As a high school student, my father had his eye on becoming a Navy SEAL—so step by step, he went about making it happen. He got into the Naval Academy. He adhered to an intensive fitness regimen of his own creation. When, during class, he was asked what he aspired to be and his answer was met with laughter, the skepticism fueled him to work even harder. At 5’8’’ and 150 pounds, he wasn’t the typical SEAL candidate. But his determination paid off.

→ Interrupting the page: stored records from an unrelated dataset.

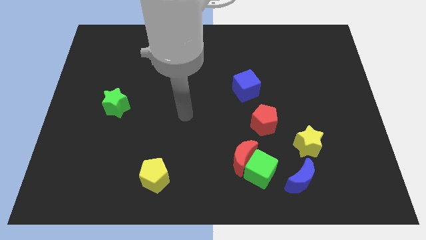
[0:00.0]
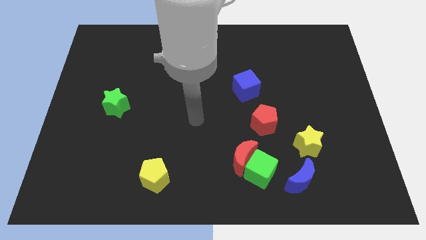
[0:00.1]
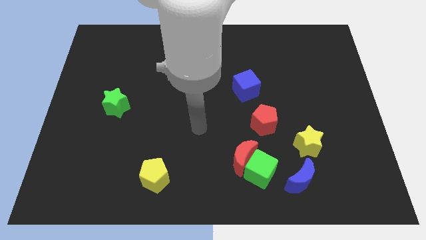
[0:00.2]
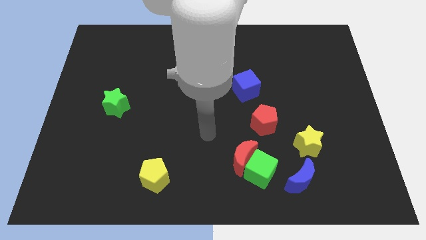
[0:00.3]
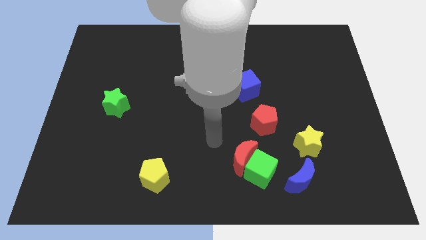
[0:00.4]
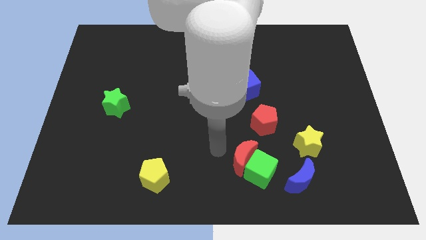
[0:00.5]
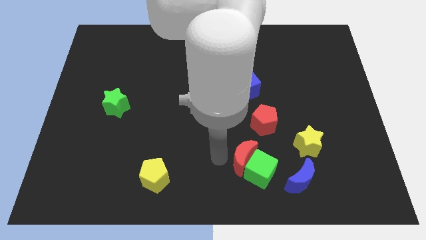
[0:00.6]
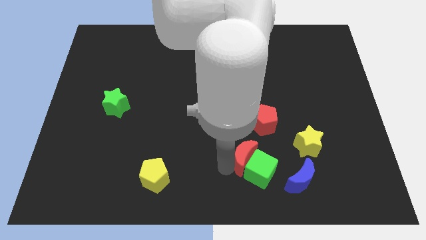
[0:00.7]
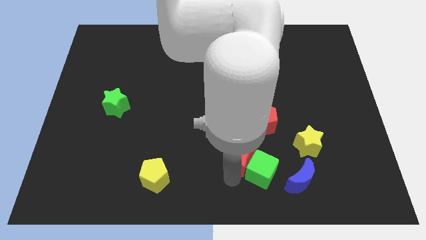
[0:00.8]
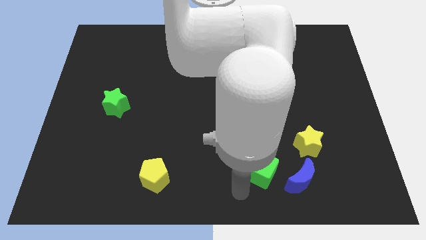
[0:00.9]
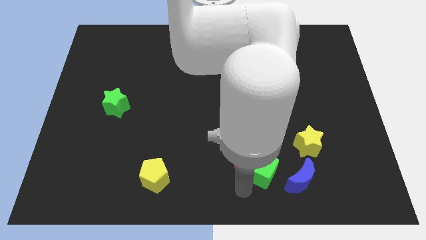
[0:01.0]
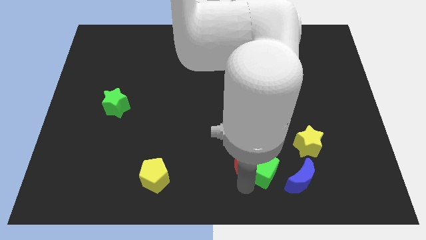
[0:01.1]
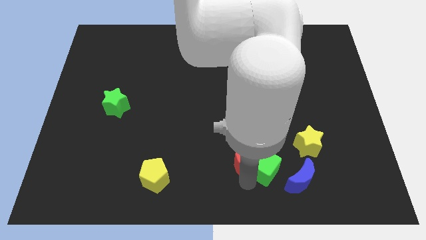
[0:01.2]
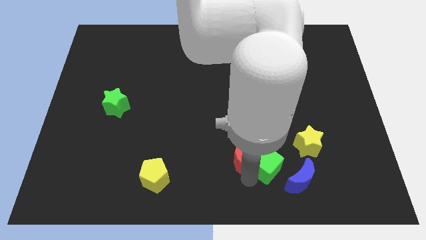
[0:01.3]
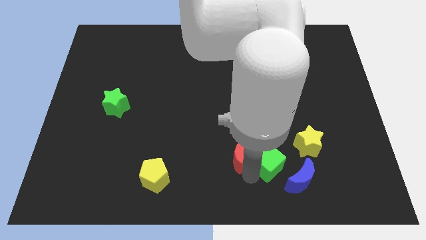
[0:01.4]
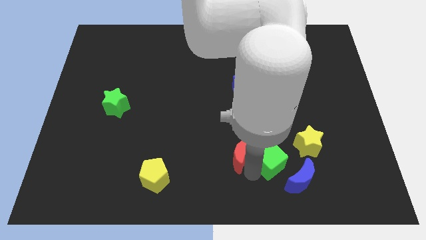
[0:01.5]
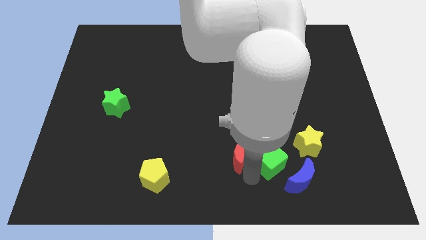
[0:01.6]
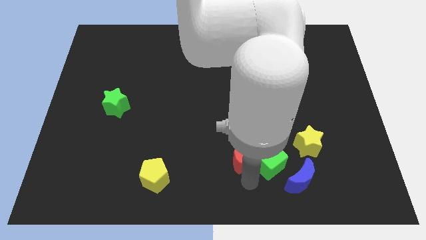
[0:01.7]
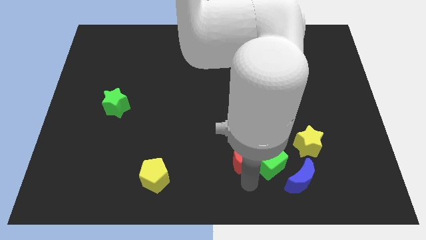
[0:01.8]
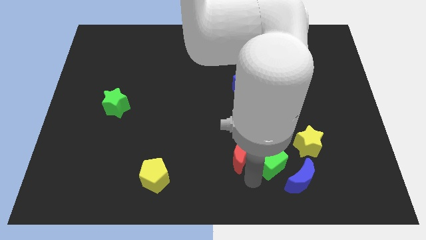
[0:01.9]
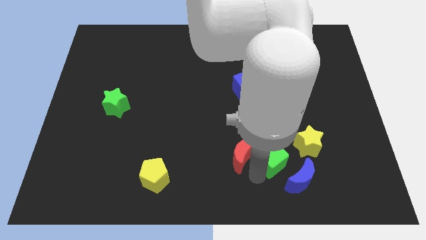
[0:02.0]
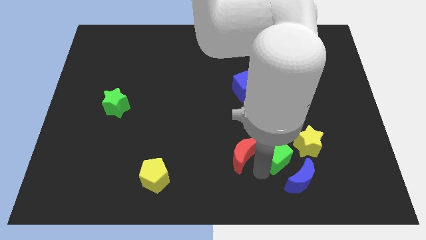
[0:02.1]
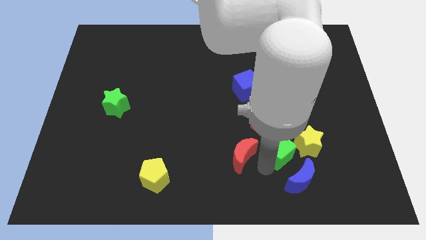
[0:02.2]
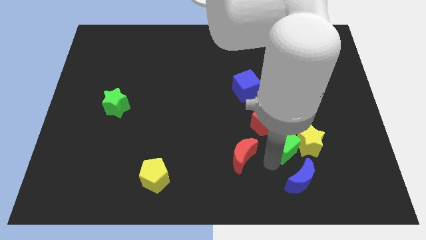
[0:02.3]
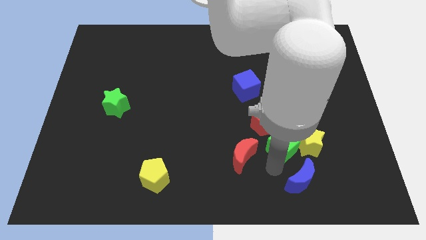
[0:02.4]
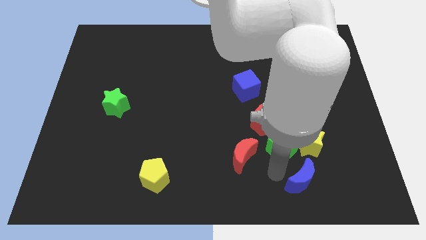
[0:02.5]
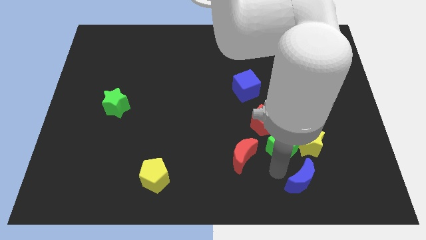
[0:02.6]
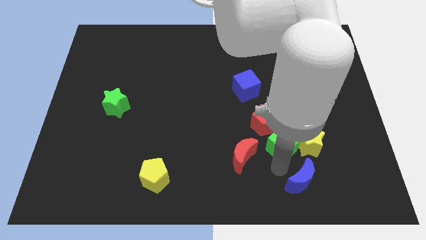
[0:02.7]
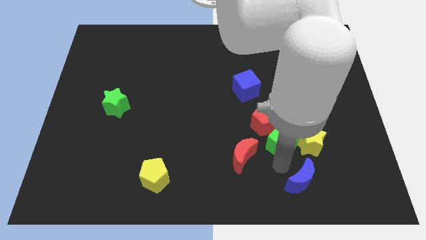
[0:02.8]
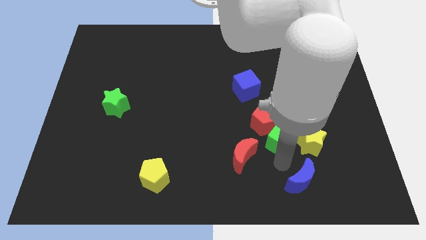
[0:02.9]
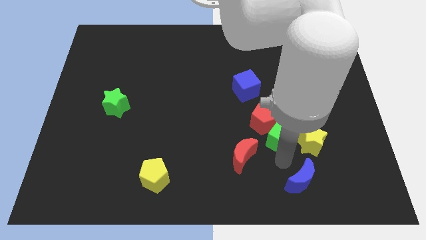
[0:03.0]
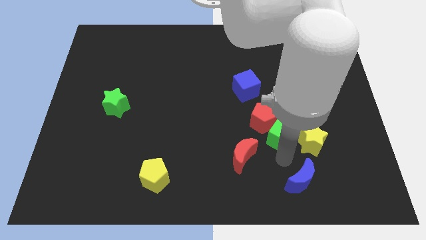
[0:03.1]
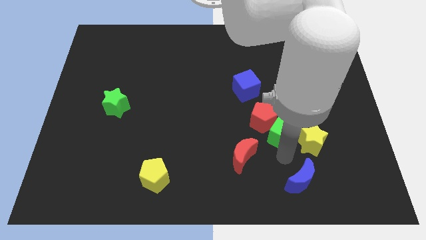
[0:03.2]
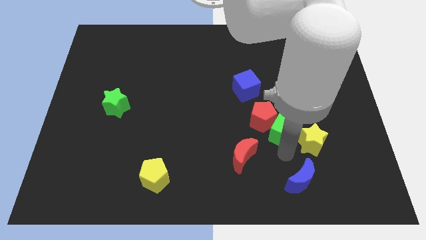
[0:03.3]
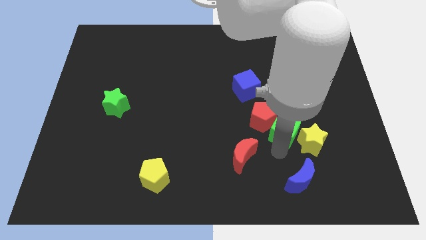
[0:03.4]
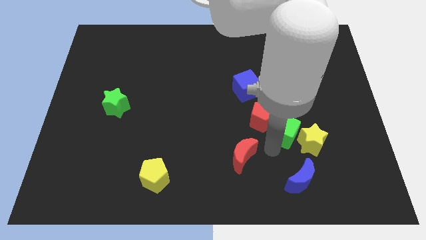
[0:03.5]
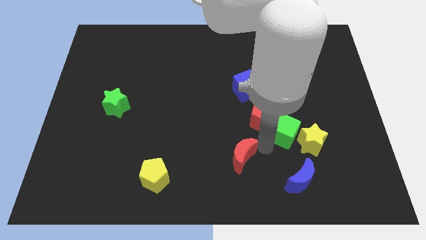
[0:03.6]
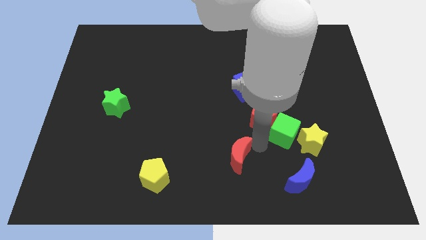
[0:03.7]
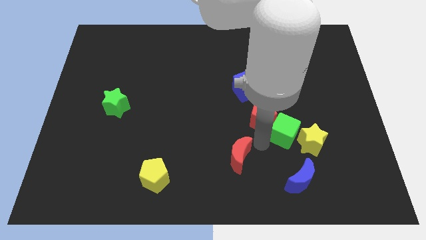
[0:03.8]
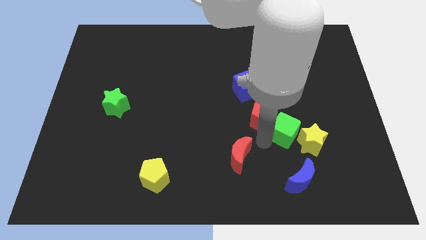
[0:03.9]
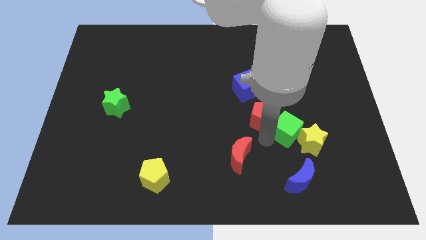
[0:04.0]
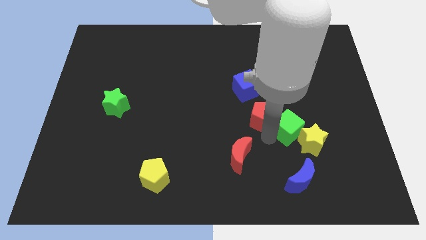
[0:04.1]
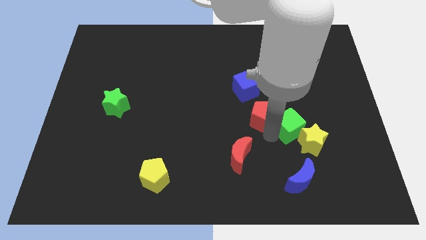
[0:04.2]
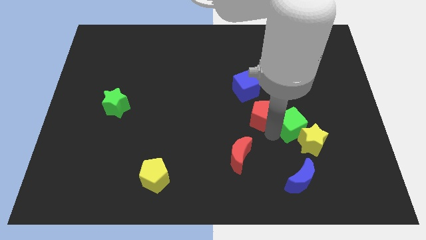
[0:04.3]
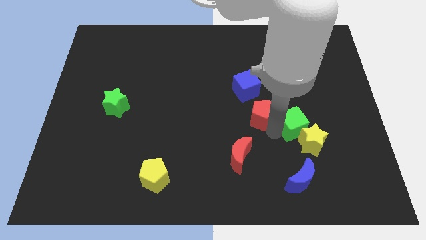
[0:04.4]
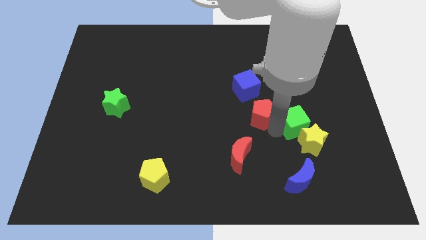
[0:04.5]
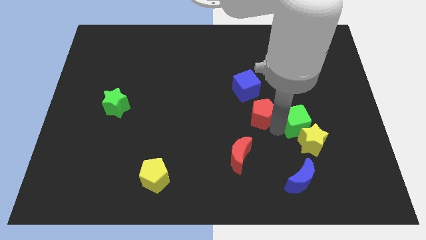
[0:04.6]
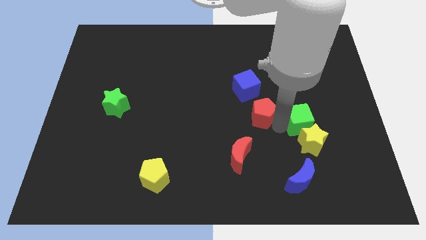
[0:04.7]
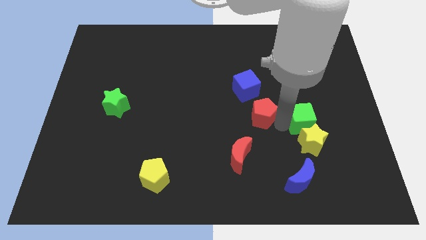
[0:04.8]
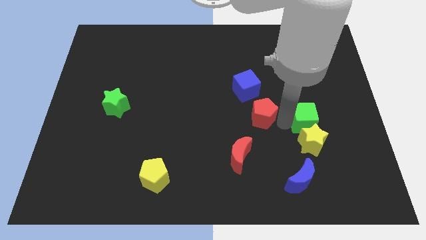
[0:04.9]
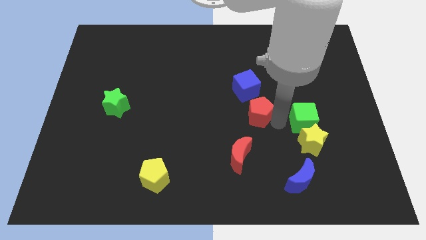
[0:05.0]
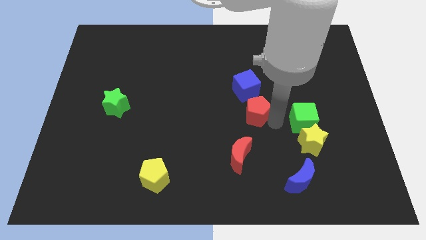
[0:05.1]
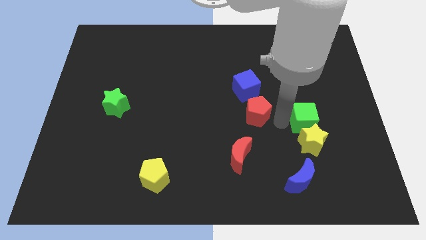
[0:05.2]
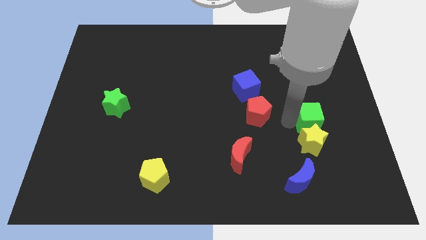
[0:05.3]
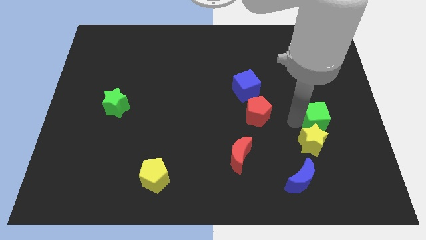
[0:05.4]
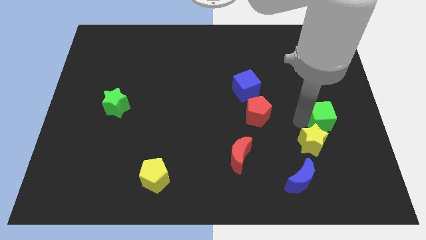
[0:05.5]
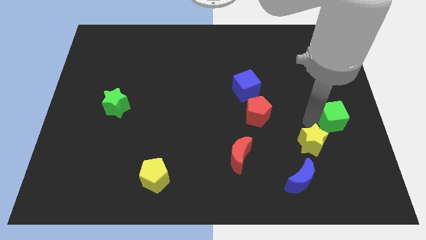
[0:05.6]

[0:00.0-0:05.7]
put the green cube to the right side

After four years at the Naval Academy, he was accepted into BUDS, the SEAL training program with a notoriously low completion rate. “At the beginning of BUDS, we were put through intensive physical testing in what’s known as Hell Week,” my dad tells me. “It’s when most people quit. In six days, I probably only slept for two hours. The instructors would make us lay in the surf all night long, when it was freezing, and every once in a while we’d line up so a doctor could check us for signs of hypothermia.” With an iron will and a little luck, my dad made it through Hell Week—as well as the rest of his training. He was initiated into the SEAL teams.
A few years in, he was married with a baby (that’s me!) on the way. At that time my dad was frequently away from home, and he wanted to play a larger role in his family’s life. As soon as his five-year commitment was up, he left the military and took a civilian job as a distribution supervisor at Johnson & Johnson’s orthopedic division. He had no intention of working his way up any corporate ladders, however. Instead, he focused his attention on achieving another dream—the seed of which had been planted when he learned to sail as an 8-year-old. He wished to travel around the world, with my mother and me in tow, on a sailboat.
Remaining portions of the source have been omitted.